S.NO	$ \left[ {{C_2}{H_5}OH} \right] $	$ \left[ {C{H_3}COOH} \right] $	$ \left[ {C{H_3}COO{C_2}{H_5}} \right] $	$ \left[ {{H_2}O} \right] $
$ t = 0 $	$ 0.0500 $	$ 0.0500 $	$ 0 $	$ 0 $
$ t = {t_{eq.}} $	$ 0.0500 - 0.0333 = 0.0167 $	$ 0.0500 - 0.0333 = 0.0167 $	$ 0.0333 $	$ 0.0333 $

Therefore we can write the value of equilibrium constant $ \left( {{{\text{K}}_c}} \right) $ as:
 $ {{\text{K}}_c}{\text{ = }}\dfrac{{\left[ {C{H_3}COO{C_2}{H_5}} \right]{\text{ }}\left[ {{H_2}O} \right]}}{{\left[ {{C_2}{H_5}OH} \right]{\text{ }}\left[ {C{H_3}COOH} \right]}} $
 $ \Rightarrow {{\text{K}}_c}{\text{ = }}\dfrac{{{\text{0}}{\text{.0333 }} \times {\text{ 0}}{\text{.0333}}}}{{{\text{0}}{\text{.0167 }} \times {\text{ 0}}{\text{.0167}}}} $
 $ \Rightarrow {{\text{K}}_c}{\text{ = 4}} $
The value of the equilibrium constant is approximately four and we have to add cold water because the reaction is reversible.
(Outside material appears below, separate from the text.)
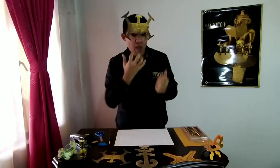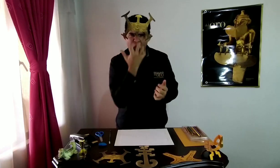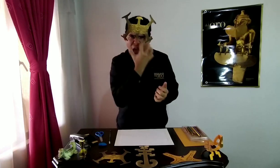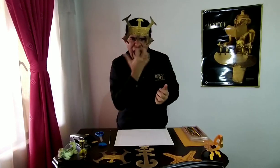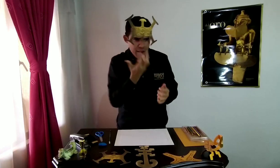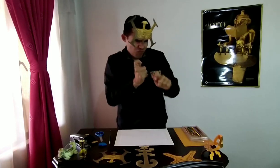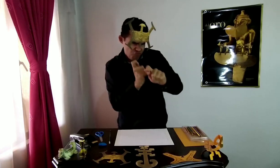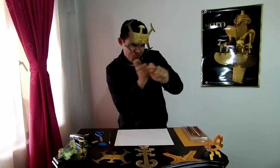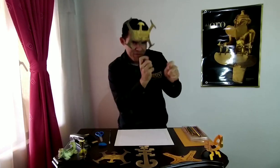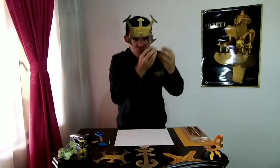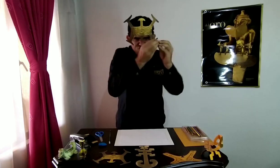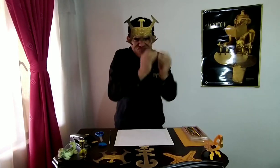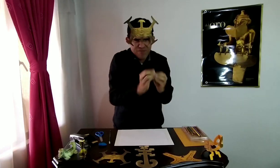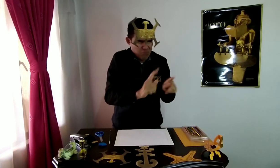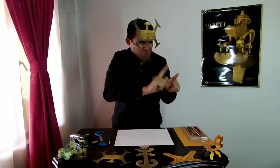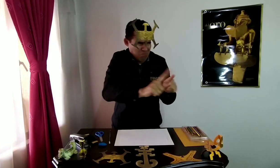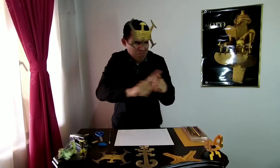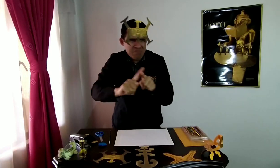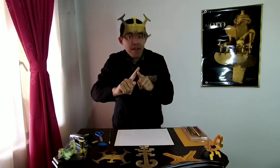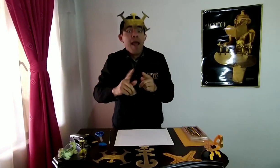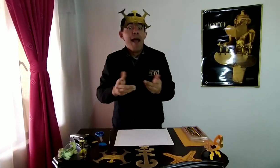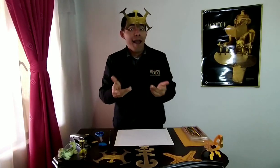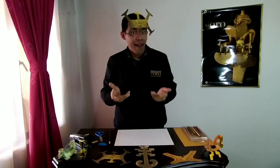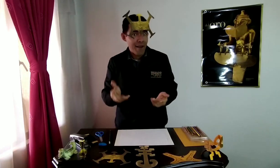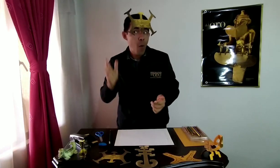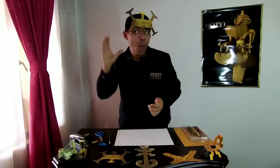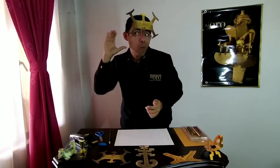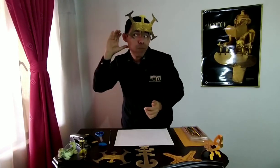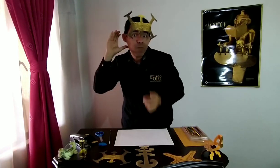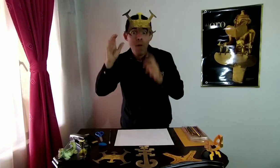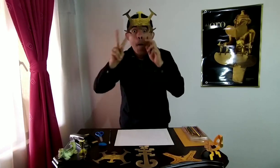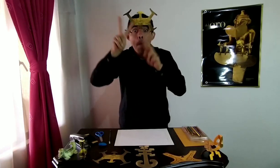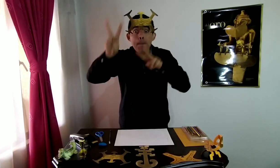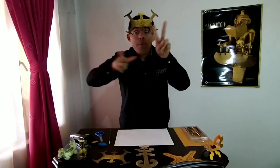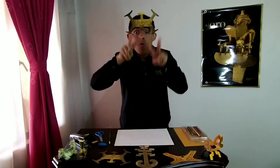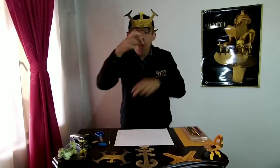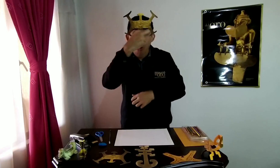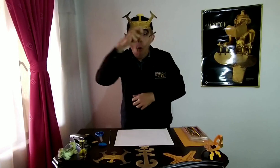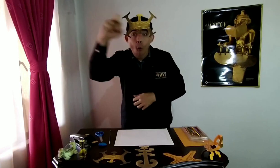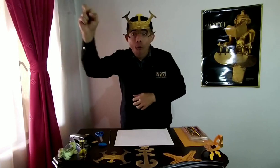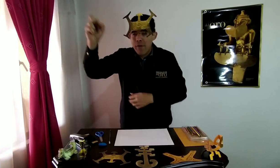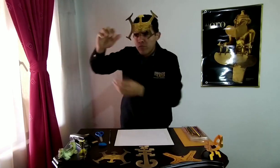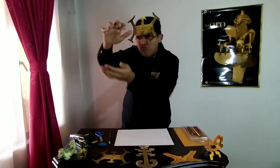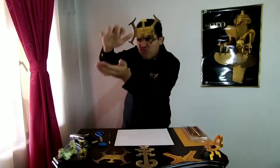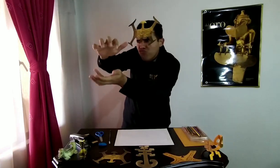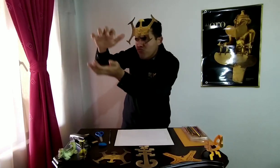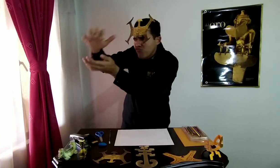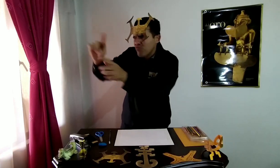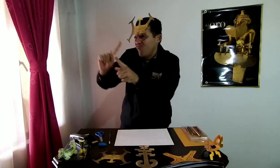asombrosas creaciones que se encuentran en la maravillosa colección del Museo del Oro.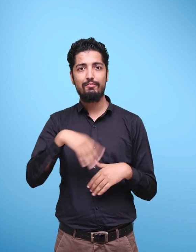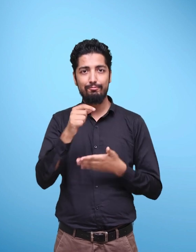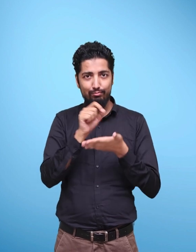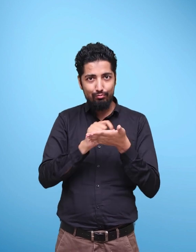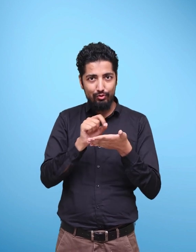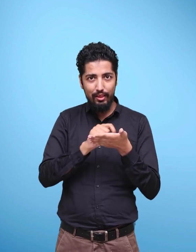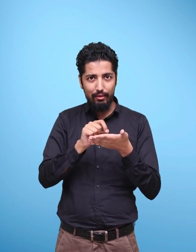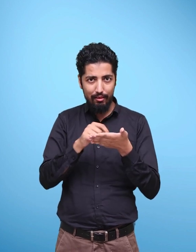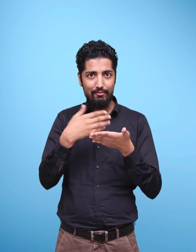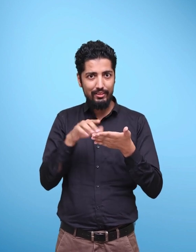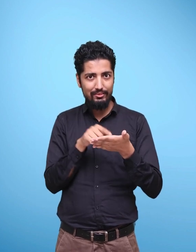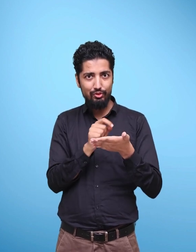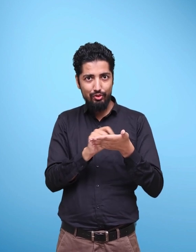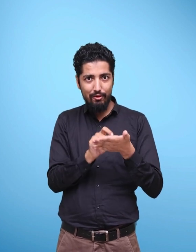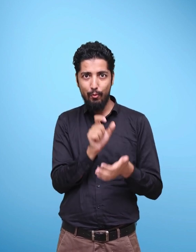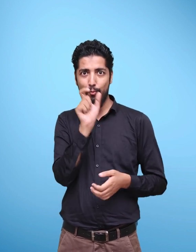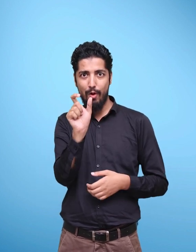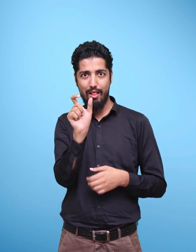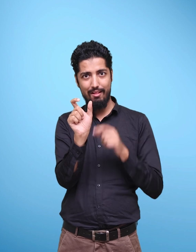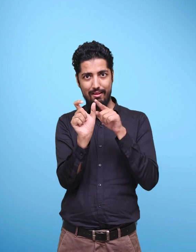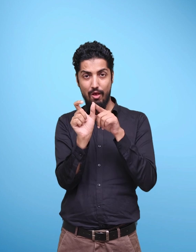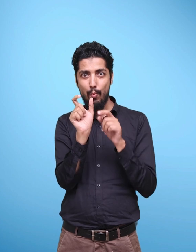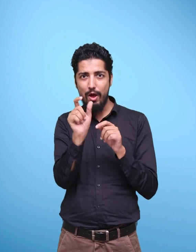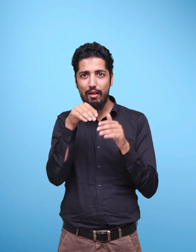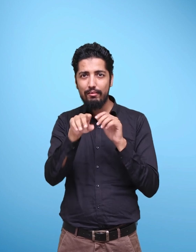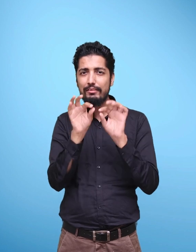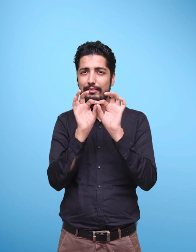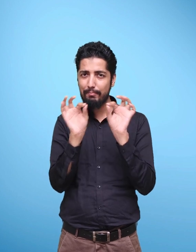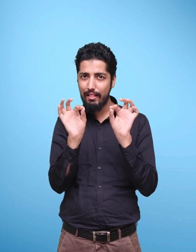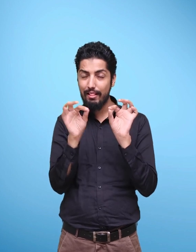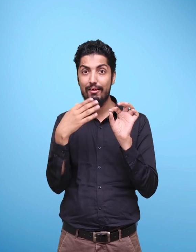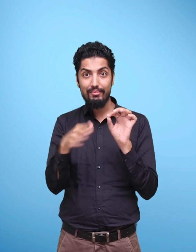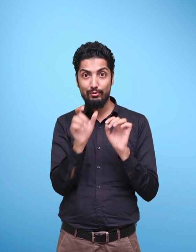and then to simple sentences has been followed.

Therefore to prevent the reaction getting reversed we add cold water to it.

Note:
The number of moles which are calculated above are round-off values. We have taken values up to two decimal places. There might be some difference in decimal value but it would not affect our answer. It must be noted that for finding moles of sodium hydroxide we have to convert the units of the volume. The moles of hydrochloric acid and sodium consumed while titration is equal.